Introduction: Hypoxemia is a critical component of several respiratory diseases and is known to be involved in the processes underlying co-morbidities associated to such disorders, notably at the cardiovascular level. Circulating level of Adiponectin (Ad), known as a metabolic regulator and cardio-protective hormone was previously suggested to be reduced by hypoxia but consequences of such variation are unclear. The evaluation of the specific effect of hypoxemia on Ad forms and receptors could improve the understanding of the involvement of Ad axis in hypoxemia-related diseases. Methods: Ad-pathway components were investigated in a murine model of sustained intermittent hypoxemia (FiO2 10%, 8 h/day, 35 days). Results: Sustained intermittent hypoxemia (SIH) induced a redistribution of Ad multimers in favor of HMW forms, without change in total plasmatic level. Mice submitted to hypoxia also exhibited tissue-specific modification of adiporeceptor (AdipoR) protein level without mRNA expression change. A decreased AdipoR2 abundance was observed in skeletal muscle and heart whereas AdipoR1 level was only reduced in muscle. No change was observed in liver regarding AdipoR. Lipid profile was unchanged but glucose tolerance increased in hypoxemic mice.
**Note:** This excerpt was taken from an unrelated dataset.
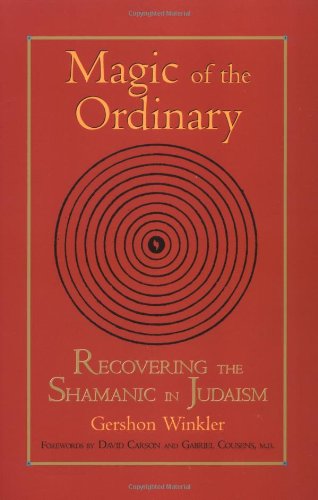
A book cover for Magic of the Ordinary: Recovering the Shamanic in Judaism; Gershon Winkler; Religion & Spirituality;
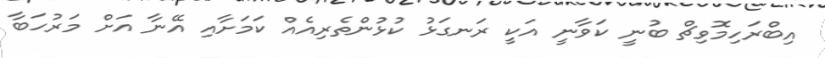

Conclusion: Sustained intermittent hypoxemia, per se, modify Ad oligomerization state as well as AdipoR protein abundance in a tissue-specific way. That suggests alteration in Ad-dependant pathways in pathological conditions associated to SIH. Investigation of Ad-pathway components could therefore constitute useful complementary criteria for the clustering of patients with hypoxemia-related diseases and management of co-morbidities, as well as to develop new therapeutic strategies.

Interactions of exercise training and high-fat diet on adiponectin forms and muscle receptors in mice.
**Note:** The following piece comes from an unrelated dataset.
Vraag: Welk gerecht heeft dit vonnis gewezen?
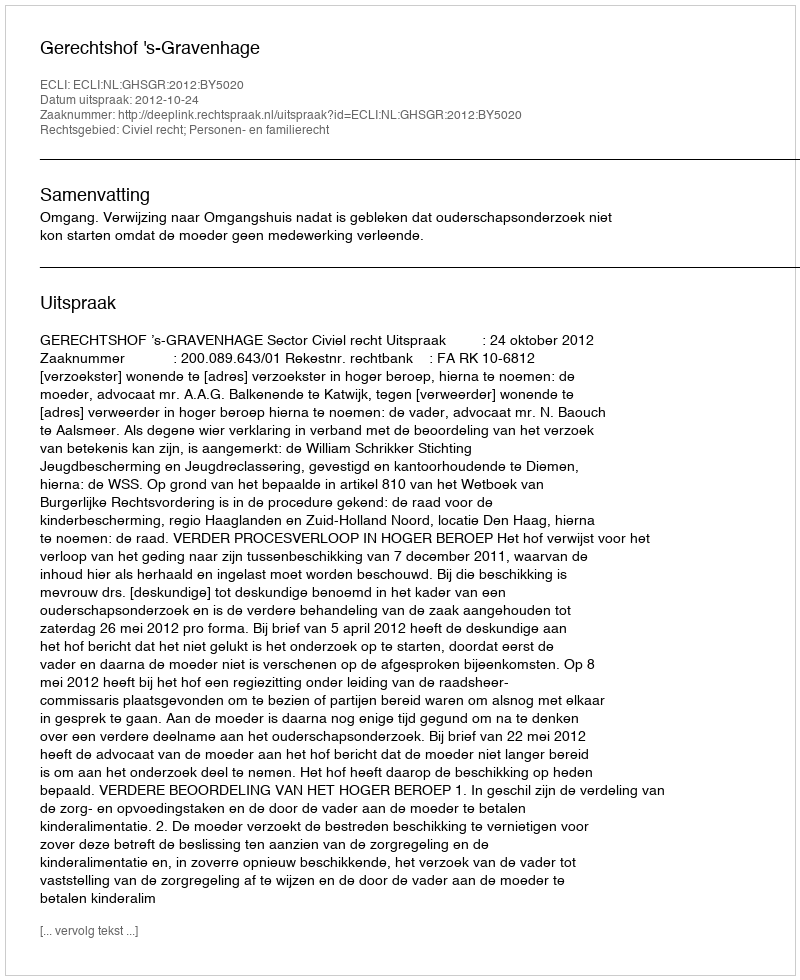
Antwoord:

BACKGROUND: Metabolic syndrome (MetS) is characterized by systemic disturbances that increase cardiovascular risk. Adiponectin (Ad) exhibits a cardioprotective function because of its anti-inflammatory and anti-atherosclerotic properties. In the bloodstream, this adipocytokine circulates on multimers (Admer), among which high molecular weight (HMW) are the most active forms. Because alterations of Ad plasmatic levels, Admer distribution and receptor (AdipoR) expression have been described in murine models and obese patients, strategies that aim to enhance Ad production or its effect on target tissues are the subject of intense investigations. While exercise training is well known to be beneficial for reducing cardiovascular risk, the contribution of Ad is still controversial. Our aim was to evaluate the effect of exercise training on Ad production, Admer distribution and AdipoR muscle expression in a murine model of MetS. METHODS: At 6 weeks of age, mice were submitted to a standard (SF) or high-fat high-sugar (HF) diet for 10 weeks. After 2 weeks, the SF- and HF-fed animals were randomly assigned to a training program (SFT, HFT) or not (SFC, HFC). The trained groups were submitted to sessions of running on a treadmill 5 days a week. RESULTS AND CONCLUSIONS: The HF mice presented the key problems associated with MetS (increased caloric intake, body weight, glycemia and fat mass), a change in Admer distribution in favor of the less-active forms and increased AdipoR2 expression in muscle. In contrast, exercise training reversed some of the adverse effects of a HF diet (increased glucose tolerance, better caloric intake control) without any modifications in Ad production and Admer distribution. However, increased AdipoR1 muscle expression was observed in trained mice, but this effect was hampered by HF diet. These data corroborate a recent hypothesis suggesting a functional divergence between AdipoR1 and AdipoR2, with AdipoR1 having the predominant protective action on metabolic function.